An aspect of the life of North Korean founder Kim Il Sung that researchers often find inaccessible is the man’s childhood.
Not only Kim’s behavior after taking power in 1945, but also his activities with anti-Japanese guerillas in Manchuria and his service with the Soviet Red Army can be traced in considerable detail in Chinese, Japanese and Soviet documents.
But very few sources cover the time before Kim joined the Communist Party of China and founded his guerilla unit. That was an issue I encountered recently while writing a biography of Kim. I would like to share with our readers the research method I discovered.
First of all, sources from that time may be very few, but they do exist. Kim Il Sung’s father Kim Hyong Jik took part in the March 1 Movement and later fled to Manchuria with his family. For that reason, he is mentioned in Japanese police records as being an anti-Japanese activist.
Along with Kim Hyong Jik’s participation in the March 1 Movement, those records also shed light on his property. As of 1925, the Kim family’s property was worth around JPY 1,000 — a little more than the average wages for two years of work in Manchuria.
In addition to such contemporaneous records, other sources include the testimonies of people who knew the family of Kim Il Sung.

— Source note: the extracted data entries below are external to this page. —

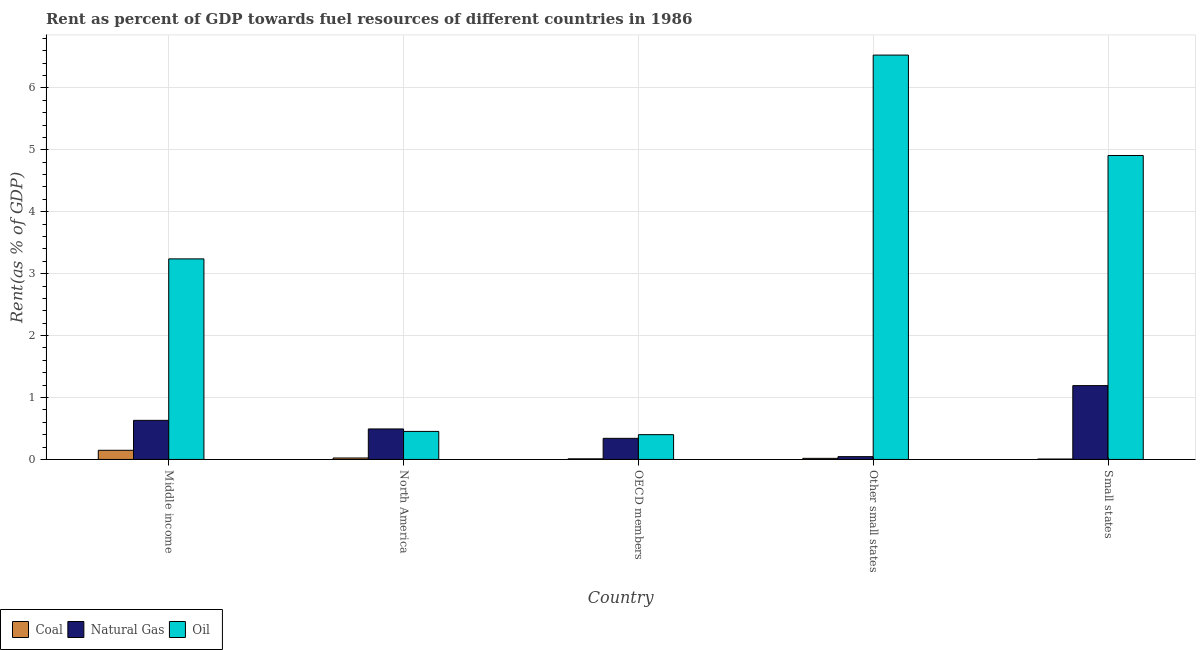
| Country | Coal | Natural Gas | Oil |
 | --- | --- | --- | --- |
 | Middle income | 0.148 | 0.631 | 3.24 |
 | North America | 0.0235 | 0.492 | 0.453 |
 | OECD members | 0.0102 | 0.341 | 0.4 |
 | Other small states | 0.0178 | 0.0453 | 6.53 |
 | Small states | 0.00683 | 1.19 | 4.91 |

Perhaps the two key witnesses here are Kim Hyeong Seok, professor emeritus at Yonsei University, and Lee Yong Sang, a poet.

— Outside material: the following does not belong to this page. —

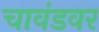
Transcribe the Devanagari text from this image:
चावंडवर
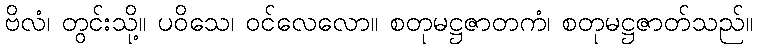
ဗိလံ၊ တွင်းသို့။ ပဝိသေ၊ ဝင်လေလော။ စတုမဋ္ဌဇာတကံ၊ စတုမဋ္ဌဇာတ်သည်။

In his childhood, Kim Hyeong Seok heard a lot about Kim Hyong Jik’s family, while Lee Yong Sang provided a detailed description of Kim Yong Ju, younger brother of Kim Il Sung, in his memoirs, “Military Uniforms in Three Colors.”

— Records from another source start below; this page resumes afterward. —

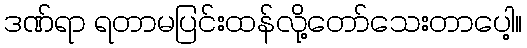
ဒဏ်ရာ ရတာမပြင်းထန်လို့တော်သေးတာပေါ့။
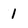
Character: 1
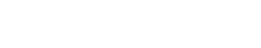
တစ်ငုံစာလောက်သာရှိတယ်။
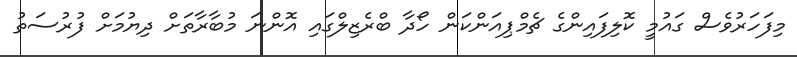
މިފަހަރުވެސް ގައުމީ ކޮލިފައިންގެ ޗެމްޕިއަންކަން ހޯދާ ބްރެޒިލްގައި އޮންނަ މުބާރާތަށް ދިޔުމަށް ފުރުސަތު
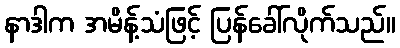
နာဒါက အမိန့်သံဖြင့် ပြန်ခေါ်လိုက်သည်။
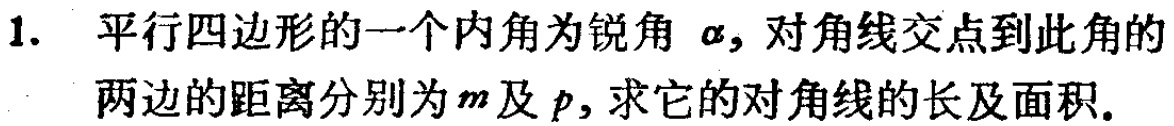
1. 平行四边形的一个内角为锐角\(\alpha\)，对角线交点到此角的两边的距离分别为\(m\)及\(p\)，求它的对角线的长及面积。
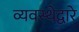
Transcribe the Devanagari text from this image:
व्यवस्थेद्वारे
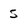
Character: 5

Through that book, we learn that Kim Yong Ju was an interpreter for the Japanese military. Further confirmation of Kim’s outstanding command of Japanese appears in the memoirs of Kazuko Kobayashi, a Japanese woman who worked as a housekeeper for the family of Kim Il Sung in 1945 and 1946.
A final set of sources is North Korean books from the early 1960s. For a student of history, this is a fascinating period. It was a time when the cult of personality around Kim Il Sung had developed but not yet become the official narrative.
That gives us insight into facts that were concealed in the years to come. For example, we learn from a book called “Mangyongdae,” published in Pyongyang in 1960, that Kim Il Sung was born not in the neighborhood of Mangyongdae, as North Korea currently claims, but in the nearby neighborhood of Chilgol.
Furthermore, a book called “Sunset over Mangyong Peak,” published in 1964, says that Kim Hyong Jik had an adopted son named Kim Ryong Ho. We can also infer that Kim Ryong Ho and Kim Il Sung (who was one year younger) were half brothers, born to the same father, but different mothers.
To be sure, North Korean books were later stripped of all mention of Kim Ryong Ho.
While no figure in North Korean history is more important than Kim Il Sung, there is very little information about his early years. My hope is that the points mentioned above will prove useful to future researchers.